Scan the records below, and wherever a line has the word "transform", pull it out.

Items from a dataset
┌──
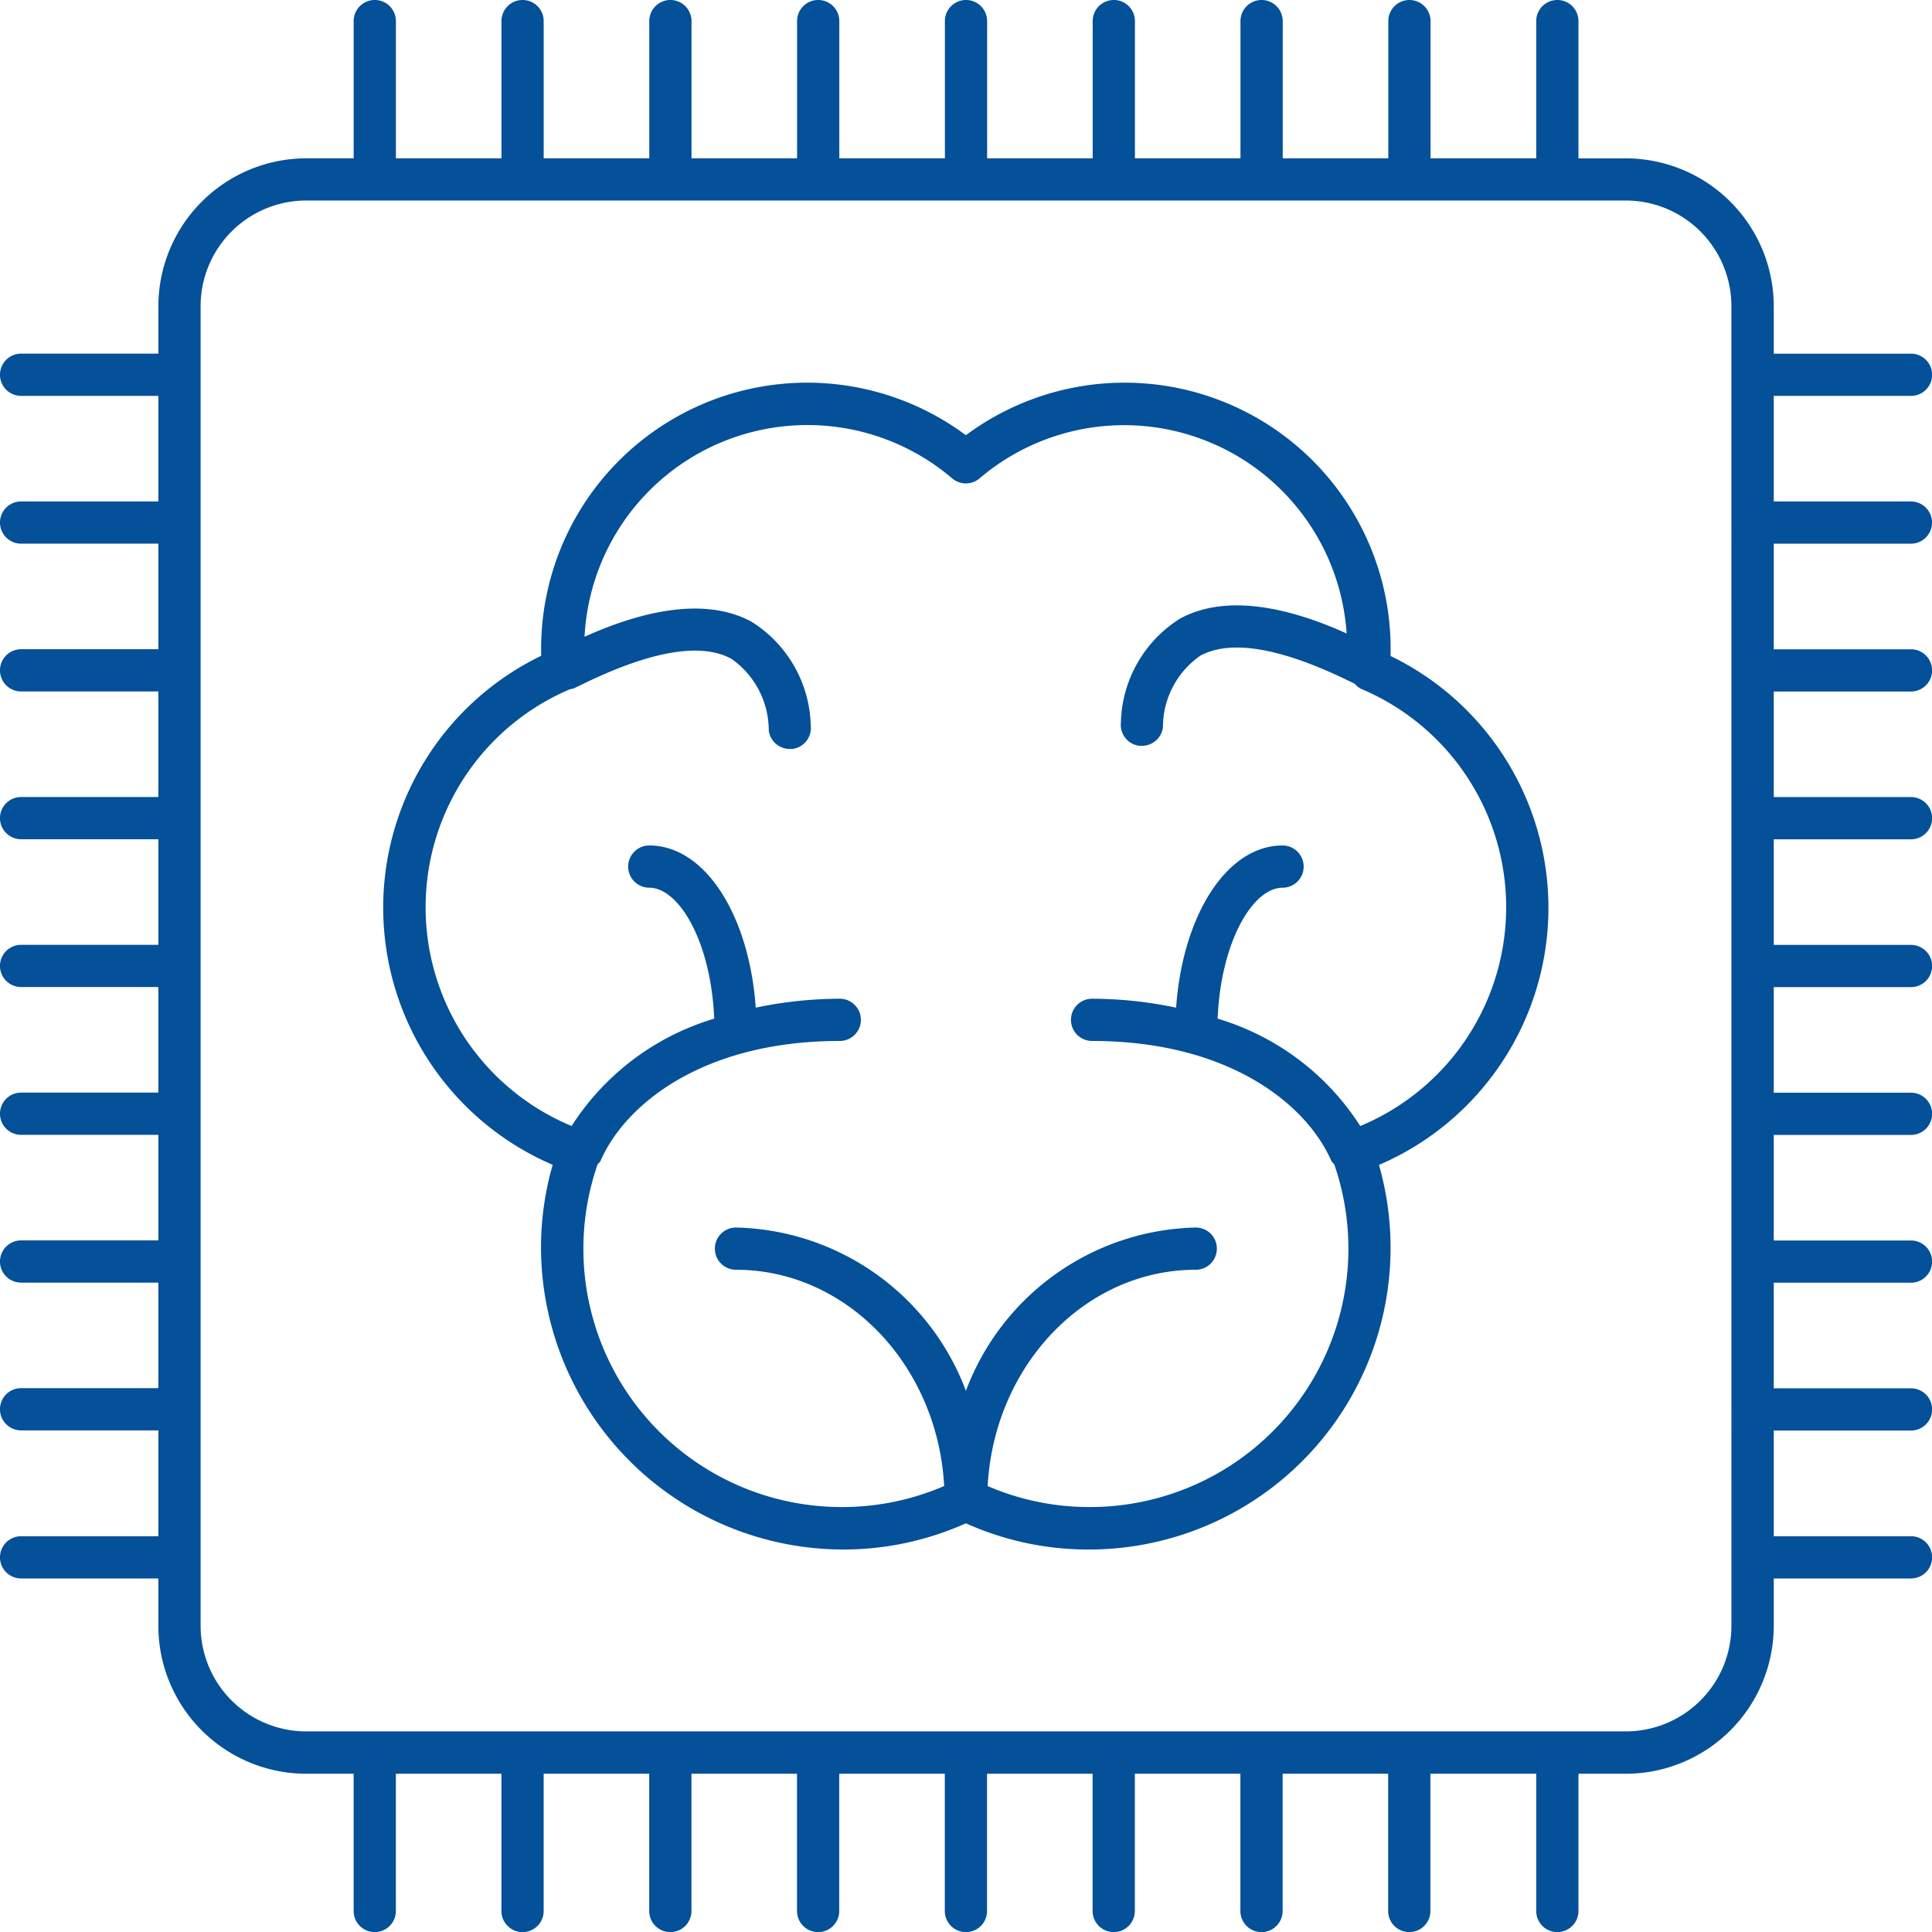 <?xml version="1.0" encoding="UTF-8"?>
<svg xmlns="http://www.w3.org/2000/svg" width="62.63" height="62.63" viewBox="0 0 62.63 62.63">
  <g id="noun-machine-learning-1701157" transform="translate(-51 -51)">
    <path id="Path_6698" data-name="Path 6698" d="M301.623,277.337c0-.074,0-.149,0-.225a8.624,8.624,0,0,0-13.769-6.927,8.624,8.624,0,0,0-13.769,6.927c0,.075,0,.149,0,.225a9.07,9.07,0,0,0,.375,16.5,9.665,9.665,0,0,0-.379,2.671,9.807,9.807,0,0,0,9.8,9.8,9.687,9.687,0,0,0,3.973-.85,9.661,9.661,0,0,0,3.971.85,9.779,9.779,0,0,0,9.42-12.467,9.07,9.07,0,0,0,.374-16.5Zm-.984,15.243a8.3,8.3,0,0,0-4.624-3.481c.105-2.516,1.151-4.245,2.105-4.245a.684.684,0,0,0,0-1.369c-1.808,0-3.239,2.26-3.451,5.258a13.343,13.343,0,0,0-2.724-.29.684.684,0,1,0,0,1.369c4.474,0,6.972,2.089,7.752,3.88.023.052.071.079.1.123a8.376,8.376,0,0,1-7.97,11.106,8.3,8.3,0,0,1-3.267-.68c.211-3.9,3.151-7.012,6.746-7.012a.684.684,0,0,0,0-1.369,8.154,8.154,0,0,0-7.451,5.294,8.156,8.156,0,0,0-7.453-5.294.684.684,0,0,0,0,1.369c3.595,0,6.537,3.108,6.748,7.01a8.314,8.314,0,0,1-3.268.682,8.372,8.372,0,0,1-7.967-11.109c.033-.042.081-.07.1-.122.779-1.789,3.276-3.878,7.751-3.878a.684.684,0,0,0,0-1.369,13.457,13.457,0,0,0-2.724.289c-.212-3-1.643-5.257-3.451-5.257a.684.684,0,0,0,0,1.369c.954,0,2,1.729,2.105,4.245a8.3,8.3,0,0,0-4.623,3.48,7.678,7.678,0,0,1-.051-14.16.581.581,0,0,0,.118-.026l.26-.123c2.229-1.092,3.865-1.376,4.853-.836a2.832,2.832,0,0,1,1.211,2.322.685.685,0,0,0,.679.6q.041,0,.082,0a.685.685,0,0,0,.6-.761,4.089,4.089,0,0,0-1.917-3.362c-1.748-.949-4.093-.108-5.416.486a7.234,7.234,0,0,1,11.918-5.134.684.684,0,0,0,.887,0,7.229,7.229,0,0,1,11.9,5.028c-1.327-.6-3.665-1.428-5.4-.482a4.085,4.085,0,0,0-1.917,3.362.684.684,0,0,0,.6.761c.029,0,.055,0,.084,0a.684.684,0,0,0,.678-.6,2.827,2.827,0,0,1,1.213-2.322c.99-.535,2.623-.256,4.854.838l.156.075a.677.677,0,0,0,.178.153,7.681,7.681,0,0,1-.008,14.183Z" transform="translate(-205.543 -205.077)" fill="#045099"></path>
    <path id="Path_6699" data-name="Path 6699" d="M112.946,68.625a.684.684,0,1,0,0-1.369H108.5V63.834h4.449a.684.684,0,1,0,0-1.369H108.5v-1.54a4.8,4.8,0,0,0-4.791-4.791h-1.54V51.684a.684.684,0,0,0-1.369,0v4.449H97.374V51.684a.684.684,0,0,0-1.369,0v4.449H92.582V51.684a.684.684,0,1,0-1.369,0v4.449H87.791V51.684a.684.684,0,0,0-1.369,0v4.449H83V51.684a.684.684,0,0,0-1.369,0v4.449H78.208V51.684a.684.684,0,0,0-1.369,0v4.449H73.417V51.684a.684.684,0,1,0-1.369,0v4.449H68.625V51.684a.684.684,0,1,0-1.369,0v4.449H63.834V51.684a.684.684,0,0,0-1.369,0v4.449h-1.54a4.8,4.8,0,0,0-4.791,4.791v1.54H51.684a.684.684,0,0,0,0,1.369h4.449v3.422H51.684a.684.684,0,1,0,0,1.369h4.449v3.422H51.684a.684.684,0,1,0,0,1.369h4.449v3.422H51.684a.684.684,0,0,0,0,1.369h4.449v3.422H51.684a.684.684,0,0,0,0,1.369h4.449v3.422H51.684a.684.684,0,0,0,0,1.369h4.449v3.422H51.684a.684.684,0,1,0,0,1.369h4.449V96H51.684a.684.684,0,0,0,0,1.369h4.449V100.8H51.684a.684.684,0,0,0,0,1.369h4.449v1.54a4.8,4.8,0,0,0,4.791,4.791h1.54v4.449a.684.684,0,0,0,1.369,0V108.5h3.422v4.449a.684.684,0,1,0,1.369,0V108.5h3.422v4.449a.684.684,0,1,0,1.369,0V108.5h3.422v4.449a.684.684,0,0,0,1.369,0V108.5h3.422v4.449a.684.684,0,0,0,1.369,0V108.5h3.422v4.449a.684.684,0,0,0,1.369,0V108.5h3.422v4.449a.684.684,0,1,0,1.369,0V108.5H96v4.449a.684.684,0,0,0,1.369,0V108.5H100.8v4.449a.684.684,0,1,0,1.369,0V108.5h1.54a4.8,4.8,0,0,0,4.791-4.791v-1.54h4.449a.684.684,0,1,0,0-1.369H108.5V97.374h4.449a.684.684,0,0,0,0-1.369H108.5V92.582h4.449a.684.684,0,1,0,0-1.369H108.5V87.791h4.449a.684.684,0,1,0,0-1.369H108.5V83h4.449a.684.684,0,1,0,0-1.369H108.5V78.208h4.449a.684.684,0,1,0,0-1.369H108.5V73.417h4.449a.684.684,0,1,0,0-1.369H108.5V68.625Zm-5.818,35.08a3.425,3.425,0,0,1-3.422,3.422H60.925a3.426,3.426,0,0,1-3.422-3.422V60.925A3.427,3.427,0,0,1,60.925,57.5h42.78a3.426,3.426,0,0,1,3.422,3.422Z" fill="#045099"></path>
  </g>
</svg>
└──
• Response:
  <g id="noun-machine-learning-1701157" transform="translate(-51 -51)">
    <path id="Path_6698" data-name="Path 6698" d="M301.623,277.337c0-.074,0-.149,0-.225a8.624,8.624,0,0,0-13.769-6.927,8.624,8.624,0,0,0-13.769,6.927c0,.075,0,.149,0,.225a9.07,9.07,0,0,0,.375,16.5,9.665,9.665,0,0,0-.379,2.671,9.807,9.807,0,0,0,9.8,9.8,9.687,9.687,0,0,0,3.973-.85,9.661,9.661,0,0,0,3.971.85,9.779,9.779,0,0,0,9.42-12.467,9.07,9.07,0,0,0,.374-16.5Zm-.984,15.243a8.3,8.3,0,0,0-4.624-3.481c.105-2.516,1.151-4.245,2.105-4.245a.684.684,0,0,0,0-1.369c-1.808,0-3.239,2.26-3.451,5.258a13.343,13.343,0,0,0-2.724-.29.684.684,0,1,0,0,1.369c4.474,0,6.972,2.089,7.752,3.88.023.052.071.079.1.123a8.376,8.376,0,0,1-7.97,11.106,8.3,8.3,0,0,1-3.267-.68c.211-3.9,3.151-7.012,6.746-7.012a.684.684,0,0,0,0-1.369,8.154,8.154,0,0,0-7.451,5.294,8.156,8.156,0,0,0-7.453-5.294.684.684,0,0,0,0,1.369c3.595,0,6.537,3.108,6.748,7.01a8.314,8.314,0,0,1-3.268.682,8.372,8.372,0,0,1-7.967-11.109c.033-.042.081-.07.1-.122.779-1.789,3.276-3.878,7.751-3.878a.684.684,0,0,0,0-1.369,13.457,13.457,0,0,0-2.724.289c-.212-3-1.643-5.257-3.451-5.257a.684.684,0,0,0,0,1.369c.954,0,2,1.729,2.105,4.245a8.3,8.3,0,0,0-4.623,3.48,7.678,7.678,0,0,1-.051-14.16.581.581,0,0,0,.118-.026l.26-.123c2.229-1.092,3.865-1.376,4.853-.836a2.832,2.832,0,0,1,1.211,2.322.685.685,0,0,0,.679.6q.041,0,.082,0a.685.685,0,0,0,.6-.761,4.089,4.089,0,0,0-1.917-3.362c-1.748-.949-4.093-.108-5.416.486a7.234,7.234,0,0,1,11.918-5.134.684.684,0,0,0,.887,0,7.229,7.229,0,0,1,11.9,5.028c-1.327-.6-3.665-1.428-5.4-.482a4.085,4.085,0,0,0-1.917,3.362.684.684,0,0,0,.6.761c.029,0,.055,0,.084,0a.684.684,0,0,0,.678-.6,2.827,2.827,0,0,1,1.213-2.322c.99-.535,2.623-.256,4.854.838l.156.075a.677.677,0,0,0,.178.153,7.681,7.681,0,0,1-.008,14.183Z" transform="translate(-205.543 -205.077)" fill="#045099"></path>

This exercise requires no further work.